## Activity:
Could you copy exactly the lines below from the one with "Full cylindrical faces by diameter (mm): 3" to the one with "#3486 = FACE_OUTER_BOUND", inclusive, leaving out any pictures?

## Materials provided:
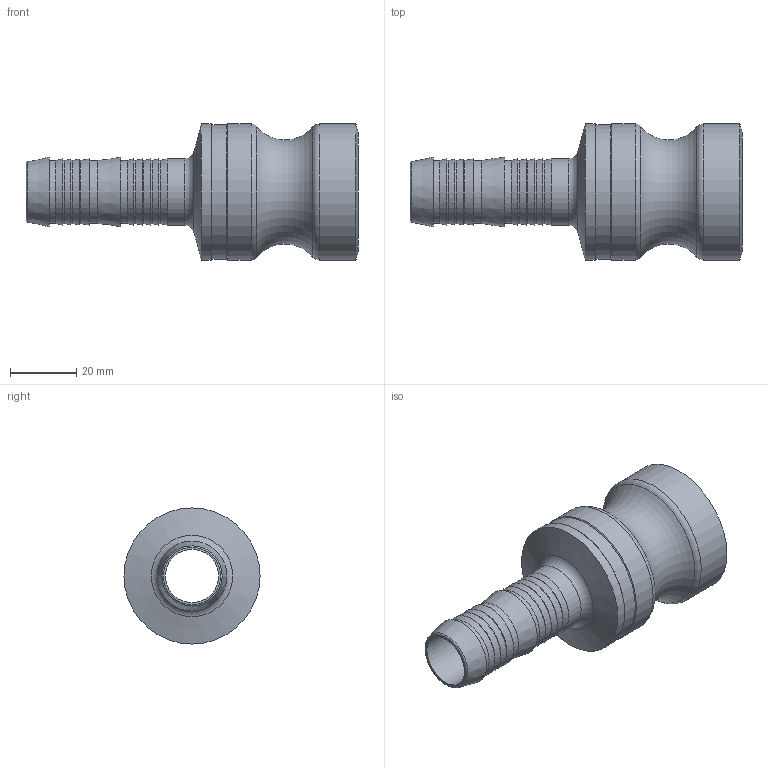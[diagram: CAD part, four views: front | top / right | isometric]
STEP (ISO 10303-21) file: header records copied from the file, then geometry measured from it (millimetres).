
FILE_DESCRIPTION(/* description */ ('SCHLAUCHSTECKER SLW 19'),/* implementation_level */ '2;1');
FILE_NAME(/* name */ 'vst_x25_19_r.stp',/* time_stamp */ '2020-04-16T10:13:13+02:00',/* author */ ('ertl'),/* organization */ (''),/* preprocessor_version */ 'ST-DEVELOPER v17',/* originating_system */ 'Autodesk Inventor 2018',/* authorisation */ '40988,78 mm^3');
FILE_SCHEMA (('AUTOMOTIVE_DESIGN { 1 0 10303 214 3 1 1 }'));
Length unit declared in the file: millimetre
Products named in the file (1): VST-X25/19 R
Bounding box: 100 x 41 x 41 mm (x, y, z)
Volume: 40836.7 mm3; surface area: 17485.8 mm2
Topology: 1 solids, 1 shells, 51 faces, 142 edges, 103 vertices
Faces by surface type: cone 17, cylinder 17, plane 12, torus 5
Full cylindrical faces by diameter (mm): 16 x1, 19 x10, 20 x1, 24 x1, 40.5 x1, 41 x3
Entity records: 1845 total; most frequent: DIRECTION 354, CARTESIAN_POINT 297, ORIENTED_EDGE 284, AXIS2_PLACEMENT_3D 160, EDGE_CURVE 142, CIRCLE 108, VERTEX_POINT 103, EDGE_LOOP 63
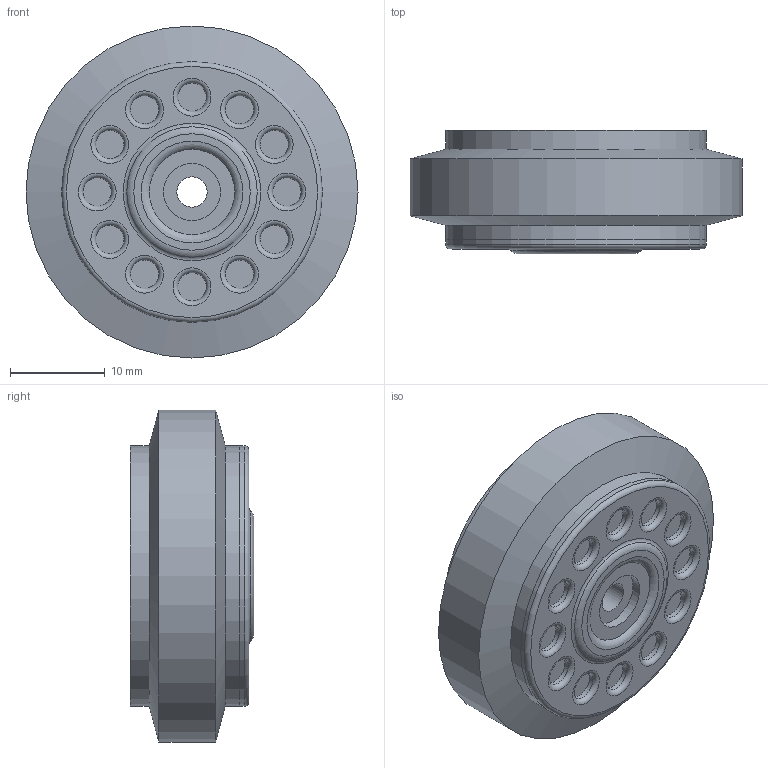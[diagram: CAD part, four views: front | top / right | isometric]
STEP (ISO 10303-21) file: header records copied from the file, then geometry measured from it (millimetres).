
FILE_DESCRIPTION(/* description */ (''),/* implementation_level */ '2;1');
FILE_NAME(/* name */ 'Wheel Spindle.step',/* time_stamp */ '2023-01-29T12:13:15-08:00',/* author */ (''),/* organization */ (''),/* preprocessor_version */ 'ST-DEVELOPER v19',/* originating_system */ 'Autodesk Translation Framework v11.7.0.108',/* authorisation */ '');
FILE_SCHEMA (('AUTOMOTIVE_DESIGN { 1 0 10303 214 3 1 1 }'));
Length unit declared in the file: millimetre
Products named in the file (1): Rim
Bounding box: 35 x 13 x 35 mm (x, y, z)
Volume: 4739.3 mm3; surface area: 5551.9 mm2
Topology: 2 solids, 2 shells, 50 faces, 118 edges, 76 vertices
Faces by surface type: cylinder 22, torus 16, plane 8, cone 4
Full cylindrical faces by diameter (mm): 3 x12, 3.2 x1, 6 x1, 8.2 x1, 23.5 x2, 27.5 x3, 31 x1, 35 x1
Entity records: 1578 total; most frequent: DIRECTION 312, CARTESIAN_POINT 245, ORIENTED_EDGE 236, AXIS2_PLACEMENT_3D 143, EDGE_CURVE 118, CIRCLE 92, EDGE_LOOP 82, VERTEX_POINT 76
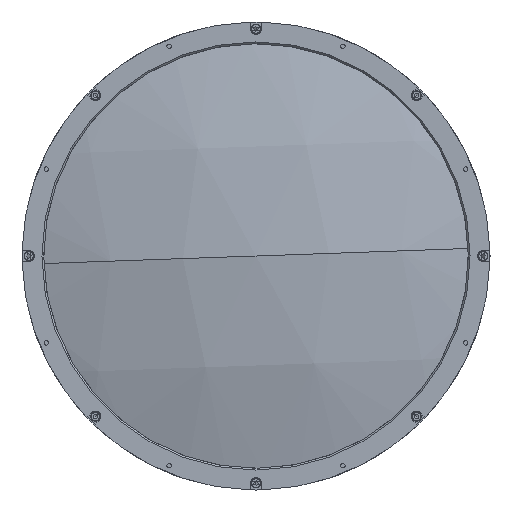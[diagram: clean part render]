
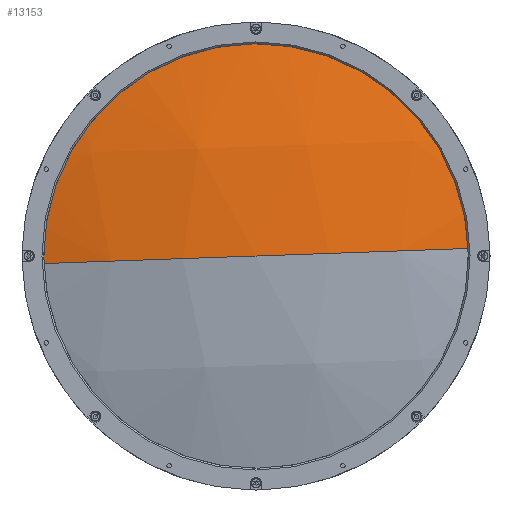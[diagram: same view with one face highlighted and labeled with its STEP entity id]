
A CAD part, left-side view. The second image highlights one B-rep face of the part: STEP entity #13153.
In plain terms, the highlighted spherical face has radius 448.8 mm.
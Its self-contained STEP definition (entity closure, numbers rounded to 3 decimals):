
#2114 = CARTESIAN_POINT ( 'NONE',  ( 14.72, 0., 0. ) ) ;
#3402 = ORIENTED_EDGE ( 'NONE', *, *, #5613, .F. ) ;
#3486 = FACE_OUTER_BOUND ( 'NONE', #10785, .T. ) ;
#3721 = DIRECTION ( 'NONE',  ( 0., 0.035, 0.999 ) ) ;
#3944 = ORIENTED_EDGE ( 'NONE', *, *, #16897, .T. ) ;
#4053 = AXIS2_PLACEMENT_3D ( 'NONE', #20141, #18575, #13930 ) ;
#5180 = VERTEX_POINT ( 'NONE', #13430 ) ;
#5613 = EDGE_CURVE ( 'NONE', #6644, #5180, #16027, .T. ) ;
#5784 = CARTESIAN_POINT ( 'NONE',  ( 14.72, -124.922, 4.429 ) ) ;
#6644 = VERTEX_POINT ( 'NONE', #5784 ) ;
#7093 = DIRECTION ( 'NONE',  ( 0., 0.035, 0.999 ) ) ;
#7905 = AXIS2_PLACEMENT_3D ( 'NONE', #2114, #13150, #3721 ) ;
#8664 = AXIS2_PLACEMENT_3D ( 'NONE', #16509, #7093, #18104 ) ;
#9168 = DIRECTION ( 'NONE',  ( 0., -0.035, -0.999 ) ) ;
#9480 = AXIS2_PLACEMENT_3D ( 'NONE', #18618, #9168, #20188 ) ;
#9566 = CARTESIAN_POINT ( 'NONE',  ( 14.72, 124.922, -4.429 ) ) ;
#9993 = VERTEX_POINT ( 'NONE', #9566 ) ;
#10785 = EDGE_LOOP ( 'NONE', ( #3944, #19899, #3402 ) ) ;
#11490 = CIRCLE ( 'NONE', #8664, 448.8 ) ;
#13150 = DIRECTION ( 'NONE',  ( -1., 0., 0. ) ) ;
#13153 = ADVANCED_FACE ( 'NONE', ( #3486 ), #18731, .T. ) ;
#13430 = CARTESIAN_POINT ( 'NONE',  ( -3.039, 0., 0. ) ) ;
#13930 = DIRECTION ( 'NONE',  ( 0., -0.999, 0.035 ) ) ;
#16027 = CIRCLE ( 'NONE', #9480, 448.8 ) ;
#16233 = EDGE_CURVE ( 'NONE', #9993, #5180, #11490, .T. ) ;
#16509 = CARTESIAN_POINT ( 'NONE',  ( 445.761, 0., 0. ) ) ;
#16897 = EDGE_CURVE ( 'NONE', #6644, #9993, #19855, .T. ) ;
#18104 = DIRECTION ( 'NONE',  ( 0., -0.999, 0.035 ) ) ;
#18575 = DIRECTION ( 'NONE',  ( 0., 0.035, 0.999 ) ) ;
#18618 = CARTESIAN_POINT ( 'NONE',  ( 445.761, 0., 0. ) ) ;
#18731 = SPHERICAL_SURFACE ( 'NONE', #4053, 448.8 ) ;
#19855 = CIRCLE ( 'NONE', #7905, 125. ) ;
#19899 = ORIENTED_EDGE ( 'NONE', *, *, #16233, .T. ) ;
#20141 = CARTESIAN_POINT ( 'NONE',  ( 445.761, 0., 0. ) ) ;
#20188 = DIRECTION ( 'NONE',  ( 0., 0.999, -0.035 ) ) ;
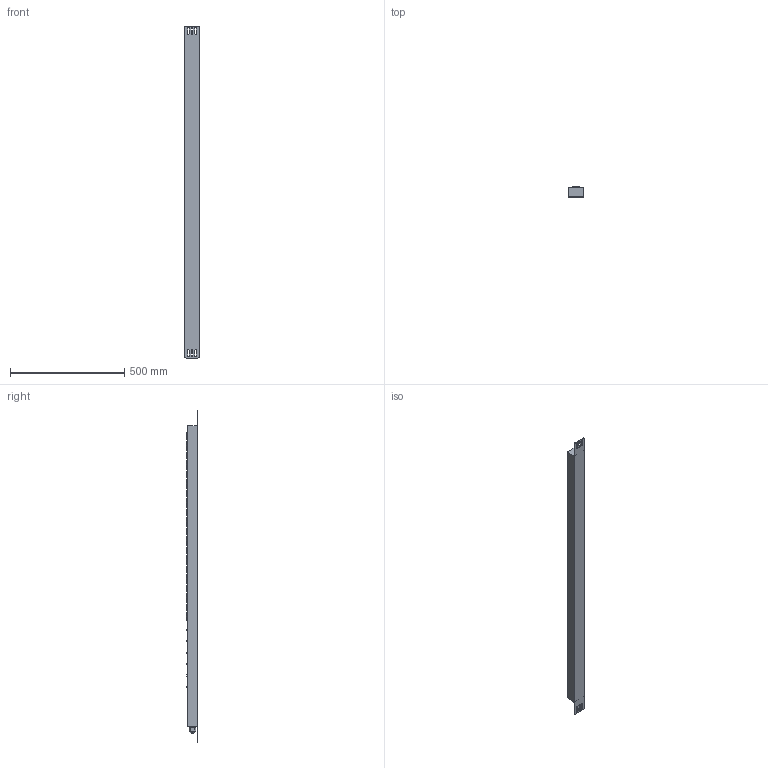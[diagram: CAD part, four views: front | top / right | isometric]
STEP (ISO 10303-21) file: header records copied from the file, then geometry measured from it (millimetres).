
FILE_DESCRIPTION (( 'STEP AP203' ), '1' );
FILE_NAME ('00078820 PDU PV22_20C13_06C19_41.STEP', '2022-10-21T09:03:40', ( '' ), ( '' ), 'SwSTEP 2.0', 'SolidWorks 2022', '' );
FILE_SCHEMA (( 'CONFIG_CONTROL_DESIGN' ));
Length unit declared in the file: millimetre
Products named in the file (1): 00078820 PDU PV22_20C13_06C19_41
Bounding box: 62 x 49 x 1456 mm (x, y, z)
Volume: 3633717.5 mm3; surface area: 377295.6 mm2
Topology: 1 solids, 1 shells, 1166 faces, 2913 edges, 1913 vertices
Faces by surface type: plane 976, cylinder 188, sphere 2
Entity records: 34366 total; most frequent: CARTESIAN_POINT 5993, ORIENTED_EDGE 5826, DIRECTION 5631, EDGE_CURVE 2913, LINE 2529, VECTOR 2529, VERTEX_POINT 1913, AXIS2_PLACEMENT_3D 1551
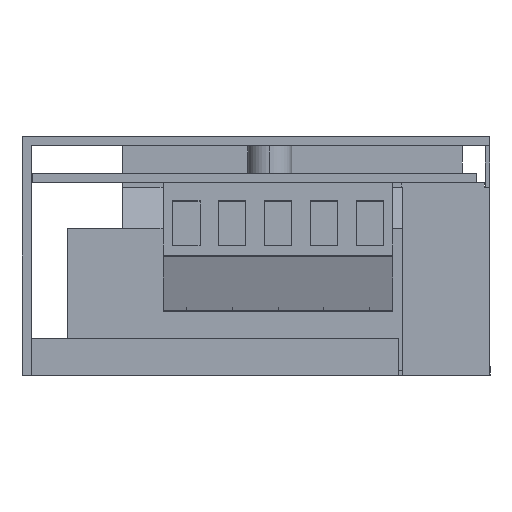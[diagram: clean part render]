
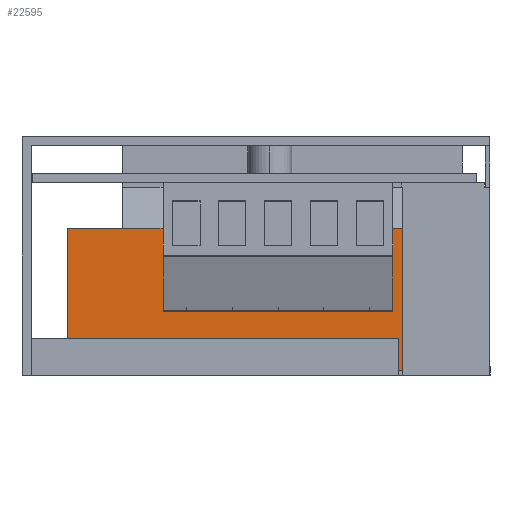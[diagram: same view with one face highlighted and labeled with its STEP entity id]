
A CAD part, left-side view. The second image highlights one B-rep face of the part: STEP entity #22595.
In plain terms, the highlighted planar face has unit normal (-1, 0, 0).
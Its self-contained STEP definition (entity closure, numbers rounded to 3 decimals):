
#410 = DIRECTION ( 'NONE',  ( 0., -1., 0. ) ) ;
#412 = CARTESIAN_POINT ( 'NONE',  ( 28.449, 13.409, 16. ) ) ;
#434 = VERTEX_POINT ( 'NONE', #7729 ) ;
#1222 = EDGE_CURVE ( 'NONE', #4076, #1898, #22892, .T. ) ;
#1231 = EDGE_LOOP ( 'NONE', ( #20721, #5942, #8513, #16179, #22761, #2018 ) ) ;
#1877 = CARTESIAN_POINT ( 'NONE',  ( 28.449, 29.62, 16. ) ) ;
#1882 = VERTEX_POINT ( 'NONE', #14098 ) ;
#1898 = VERTEX_POINT ( 'NONE', #15717 ) ;
#2018 = ORIENTED_EDGE ( 'NONE', *, *, #20753, .T. ) ;
#2114 = FACE_OUTER_BOUND ( 'NONE', #1231, .T. ) ;
#3718 = VECTOR ( 'NONE', #7518, 1000. ) ;
#4076 = VERTEX_POINT ( 'NONE', #12574 ) ;
#5134 = DIRECTION ( 'NONE',  ( 0., -1., 0. ) ) ;
#5810 = CARTESIAN_POINT ( 'NONE',  ( 28.449, 13.409, 16. ) ) ;
#5942 = ORIENTED_EDGE ( 'NONE', *, *, #19746, .F. ) ;
#7131 = AXIS2_PLACEMENT_3D ( 'NONE', #10964, #7812, #21901 ) ;
#7283 = LINE ( 'NONE', #412, #3718 ) ;
#7518 = DIRECTION ( 'NONE',  ( 0., 0., -1. ) ) ;
#7729 = CARTESIAN_POINT ( 'NONE',  ( 28.449, -29.591, 16. ) ) ;
#7812 = DIRECTION ( 'NONE',  ( 1., 0., 0. ) ) ;
#8230 = VECTOR ( 'NONE', #5134, 1000. ) ;
#8513 = ORIENTED_EDGE ( 'NONE', *, *, #22854, .F. ) ;
#10964 = CARTESIAN_POINT ( 'NONE',  ( 28.449, 13.409, 16. ) ) ;
#12114 = DIRECTION ( 'NONE',  ( 0., 0., -1. ) ) ;
#12298 = DIRECTION ( 'NONE',  ( 0., -1., 0. ) ) ;
#12574 = CARTESIAN_POINT ( 'NONE',  ( 28.449, 13.409, 0.5 ) ) ;
#12802 = LINE ( 'NONE', #5810, #18600 ) ;
#13050 = CARTESIAN_POINT ( 'NONE',  ( 28.449, 7.409, 16. ) ) ;
#13153 = PLANE ( 'NONE',  #7131 ) ;
#13498 = EDGE_CURVE ( 'NONE', #21467, #13704, #21485, .T. ) ;
#13704 = VERTEX_POINT ( 'NONE', #13050 ) ;
#14098 = CARTESIAN_POINT ( 'NONE',  ( 28.449, -32.091, 16. ) ) ;
#14442 = CARTESIAN_POINT ( 'NONE',  ( 28.449, 13.409, 16. ) ) ;
#15144 = LINE ( 'NONE', #22712, #19083 ) ;
#15717 = CARTESIAN_POINT ( 'NONE',  ( 28.449, -32.091, 0.5 ) ) ;
#15953 = LINE ( 'NONE', #1877, #8230 ) ;
#16179 = ORIENTED_EDGE ( 'NONE', *, *, #22439, .F. ) ;
#16351 = CARTESIAN_POINT ( 'NONE',  ( 28.449, 13.409, 16. ) ) ;
#18166 = VECTOR ( 'NONE', #410, 1000. ) ;
#18360 = DIRECTION ( 'NONE',  ( 0., -1., 0. ) ) ;
#18600 = VECTOR ( 'NONE', #18360, 1000. ) ;
#19083 = VECTOR ( 'NONE', #12114, 1000. ) ;
#19746 = EDGE_CURVE ( 'NONE', #1882, #1898, #15144, .T. ) ;
#20721 = ORIENTED_EDGE ( 'NONE', *, *, #1222, .T. ) ;
#20753 = EDGE_CURVE ( 'NONE', #21467, #4076, #7283, .T. ) ;
#21467 = VERTEX_POINT ( 'NONE', #14442 ) ;
#21485 = LINE ( 'NONE', #16351, #18166 ) ;
#21575 = VECTOR ( 'NONE', #12298, 1000. ) ;
#21901 = DIRECTION ( 'NONE',  ( 0., 1., 0. ) ) ;
#22439 = EDGE_CURVE ( 'NONE', #13704, #434, #15953, .T. ) ;
#22595 = ADVANCED_FACE ( 'NONE', ( #2114 ), #13153, .F. ) ;
#22712 = CARTESIAN_POINT ( 'NONE',  ( 28.449, -32.091, 16. ) ) ;
#22761 = ORIENTED_EDGE ( 'NONE', *, *, #13498, .F. ) ;
#22777 = CARTESIAN_POINT ( 'NONE',  ( 28.449, 13.409, 0.5 ) ) ;
#22854 = EDGE_CURVE ( 'NONE', #434, #1882, #12802, .T. ) ;
#22892 = LINE ( 'NONE', #22777, #21575 ) ;
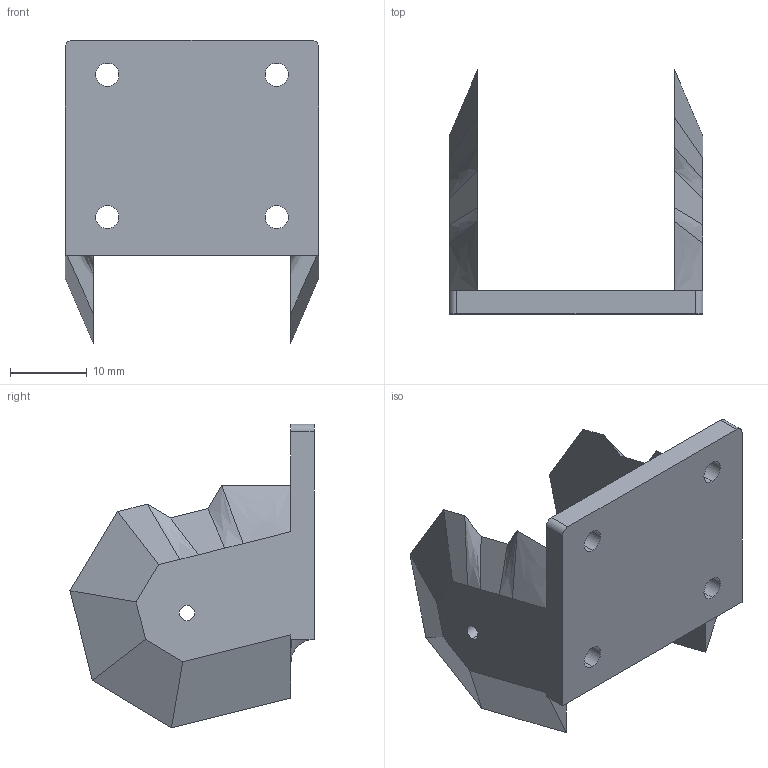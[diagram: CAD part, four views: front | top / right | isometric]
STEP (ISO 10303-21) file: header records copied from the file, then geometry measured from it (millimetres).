
FILE_DESCRIPTION (( 'STEP AP203' ), '1' );
FILE_NAME ('hinge_Default_sldprt.STEP', '2021-02-13T10:57:01', ( '' ), ( '' ), 'SwSTEP 2.0', 'SolidWorks 2019', '' );
FILE_SCHEMA (( 'CONFIG_CONTROL_DESIGN' ));
Length unit declared in the file: millimetre
Products named in the file (1): hinge_Default_sldprt
Bounding box: 33 x 31.71 x 39.48 mm (x, y, z)
Volume: 6088.3 mm3; surface area: 5167.9 mm2
Topology: 1 solids, 1 shells, 46 faces, 128 edges, 84 vertices
Faces by surface type: plane 24, cylinder 14, bspline 8
Entity records: 1837 total; most frequent: CARTESIAN_POINT 553, ORIENTED_EDGE 256, DIRECTION 234, EDGE_CURVE 128, VECTOR 96, LINE 96, VERTEX_POINT 84, AXIS2_PLACEMENT_3D 69
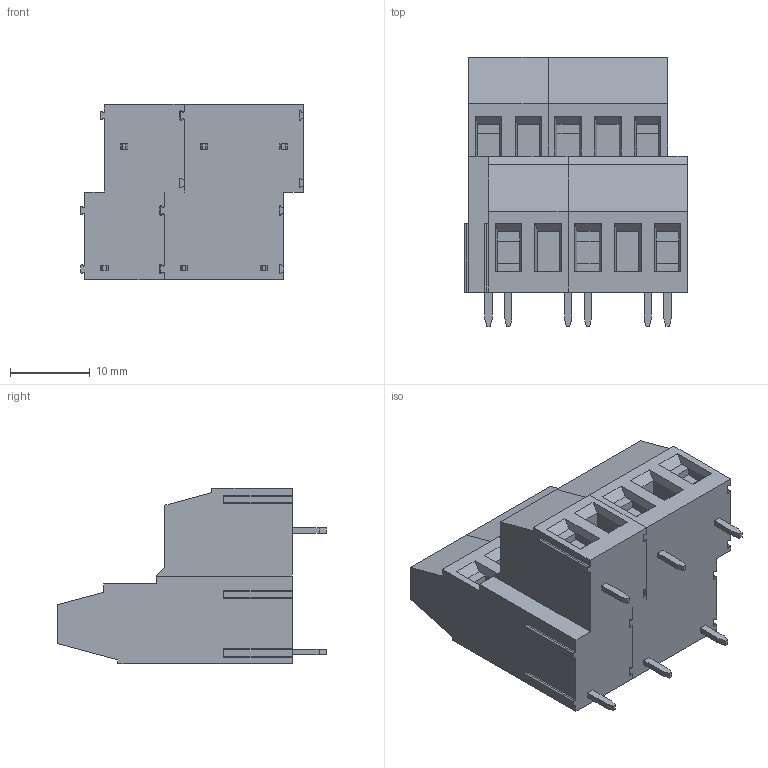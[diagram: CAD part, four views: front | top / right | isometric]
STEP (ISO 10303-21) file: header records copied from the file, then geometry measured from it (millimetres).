
FILE_DESCRIPTION( ( 'STEP AP203' ), '1' );
FILE_NAME( 'MVD253-10-V.stp', ' ', ( ' ' ), ( ' ' ), 'PSStep 15.0.49', 'VISI 20.0', ' ' );
FILE_SCHEMA( ( 'AUTOMOTIVE_DESIGN { 1 0 10303 214 1 1 1 1 }' ) );
Length unit declared in the file: millimetre
Products named in the file (1): 1
Bounding box: 28.01 x 33.8 x 22 mm (x, y, z)
Volume: 10741.1 mm3; surface area: 5499.5 mm2
Topology: 1 solids, 1 shells, 336 faces, 901 edges, 588 vertices
Faces by surface type: plane 270, cylinder 66
Full cylindrical faces by diameter (mm): 4 x10
Entity records: 12912 total; most frequent: CARTESIAN_POINT 1786, ORIENTED_EDGE 1746, DIRECTION 1709, EDGE_CURVE 873, LINE 711, VECTOR 711, VERTEX_POINT 576, AXIS2_PLACEMENT_3D 499

## Result of this exercise:
Full cylindrical faces by diameter (mm): 3 x12, 3.2 x1, 6 x1, 8.2 x1, 23.5 x2, 27.5 x3, 31 x1, 35 x1
Entity records: 1578 total; most frequent: DIRECTION 312, CARTESIAN_POINT 245, ORIENTED_EDGE 236, AXIS2_PLACEMENT_3D 143, EDGE_CURVE 118, CIRCLE 92, EDGE_LOOP 82, VERTEX_POINT 76
[diagram: clean part render]
[diagram: same view with one face highlighted and labeled with its STEP entity id]
A CAD part, left-side view. The second image highlights one B-rep face of the part: STEP entity #13153.
In plain terms, the highlighted spherical face has radius 448.8 mm.
Its self-contained STEP definition (entity closure, numbers rounded to 3 decimals):
#2114 = CARTESIAN_POINT ( 'NONE',  ( 14.72, 0., 0. ) ) ;
#3402 = ORIENTED_EDGE ( 'NONE', *, *, #5613, .F. ) ;
#3486 = FACE_OUTER_BOUND ( 'NONE', #10785, .T. ) ;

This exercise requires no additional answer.